For information on how to access the public repository
see http://dev.mysql.com/doc/mysql/en/installing-source-tree.html
ChangeSet@stripped, 2008-03-17 17:45:57+04:00, bar@stripped +5 -0
Bug#33077 Character sets: weight of supplementary characters is not 0xfffd
Problem: interpretation of 0xFFFC was wrong.

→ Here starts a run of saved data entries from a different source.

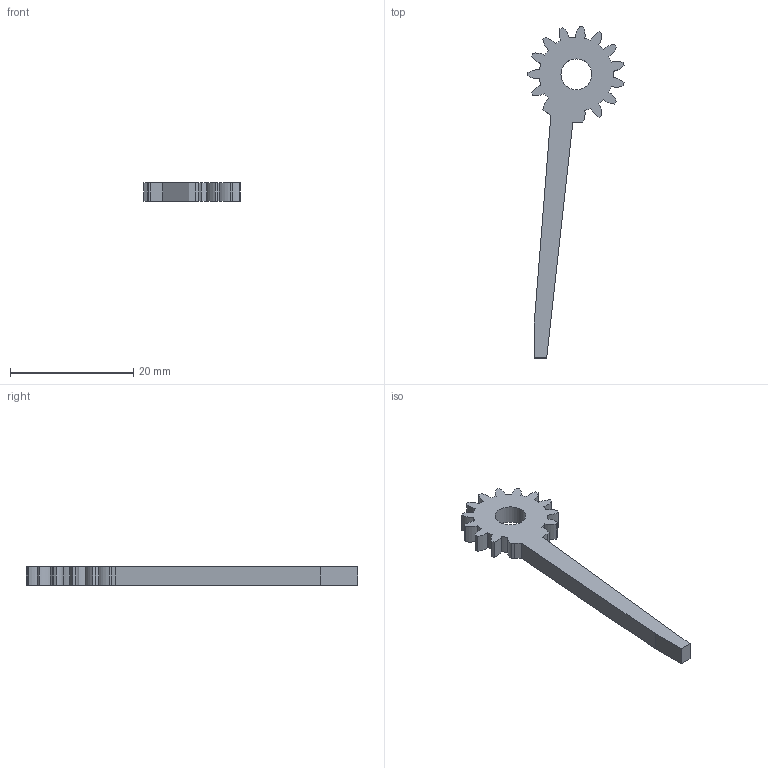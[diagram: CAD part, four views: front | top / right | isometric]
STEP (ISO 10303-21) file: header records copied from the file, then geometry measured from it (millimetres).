
FILE_DESCRIPTION(/* description */ ('STEP AP214','CAx-IF Rec.Pracs.---User Defined Attributes---1.5---2016-08-15'),/* implementation_level */ '2;1');
FILE_NAME(/* name */ '6951449ce2474bc85902340a',/* time_stamp */ '2025-12-28T14:54:21Z',/* author */ (''),/* organization */ (''),/* preprocessor_version */ 'ST-DEVELOPER v20',/* originating_system */ 'ONSHAPE BY PTC INC, 1.208',/* authorisation */ ' ');
FILE_SCHEMA (('AUTOMOTIVE_DESIGN {1 0 10303 214 3 1 1}'));
Length unit declared in the file: metre
Products named in the file (1): Part 1
Bounding box: 15.59 x 53.84 x 3 mm (x, y, z)
Volume: 753.8 mm3; surface area: 1012.5 mm2
Topology: 1 solids, 1 shells, 62 faces, 180 edges, 120 vertices
Faces by surface type: cylinder 40, plane 22
Full cylindrical faces by diameter (mm): 5 x1
Entity records: 2113 total; most frequent: DIRECTION 385, CARTESIAN_POINT 362, ORIENTED_EDGE 358, EDGE_CURVE 179, AXIS2_PLACEMENT_3D 143, VERTEX_POINT 120, LINE 99, VECTOR 99
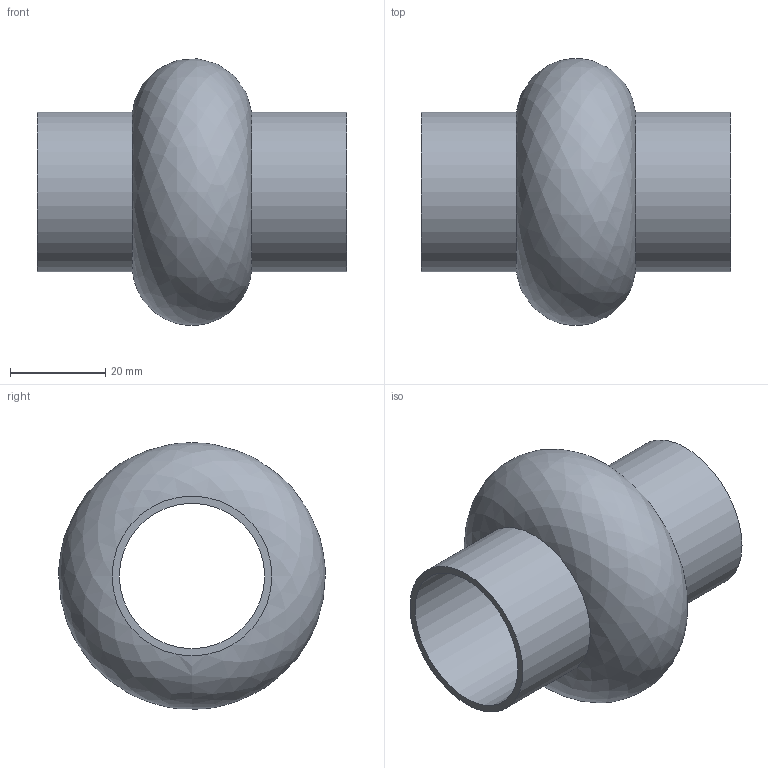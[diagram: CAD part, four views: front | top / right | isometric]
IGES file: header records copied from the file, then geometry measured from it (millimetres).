
Start section: Data from Parasolid IGES Translator 15.0.47, Copyright(c) 2006 Siemens P LM Software. All Rights Reserved.
Global section: file name: SM00_3200.igs; native system:  By UGS Corp.; preprocessor: XPlus GENERIC/IGES 3.0; author: Noname; organization: Noname; date: 20140707.092540; units: millimetre
Bounding box: 65 x 55.91 x 55.91 mm (x, y, z)
Surface area: 19112.9 mm2 (no closed solid volume)
Topology: 0 solids, 0 shells, 8 faces, 28 edges, 18 vertices
Faces by surface type: revolution 6, extrusion 2

weight_string returned 0x0DC6 as weight for supplementary
characters (which is weight for character U+FFFC)
Fix: return 0xFFFC instead of 0x0DC6.
mysql-test/r/ctype_uca.result@stripped, 2008-03-17 17:45:53+04:00, bar@stripped +3 -0
Adding test
mysql-test/r/ctype_utf16_uca.result@stripped, 2008-03-17 17:45:53+04:00, bar@stripped +2 -2
Fixing test
mysql-test/r/ctype_utf32_uca.result@stripped, 2008-03-17 17:45:53+04:00, bar@stripped +2 -2
fixing test
mysql-test/t/ctype_uca.test@stripped, 2008-03-17 17:45:54+04:00, bar@stripped +4 -0
Adding test
strings/ctype-uca.c@stripped, 2008-03-17 17:45:54+04:00, bar@stripped +4 -2
Return 0xFFFD as weight for all supplementary characters.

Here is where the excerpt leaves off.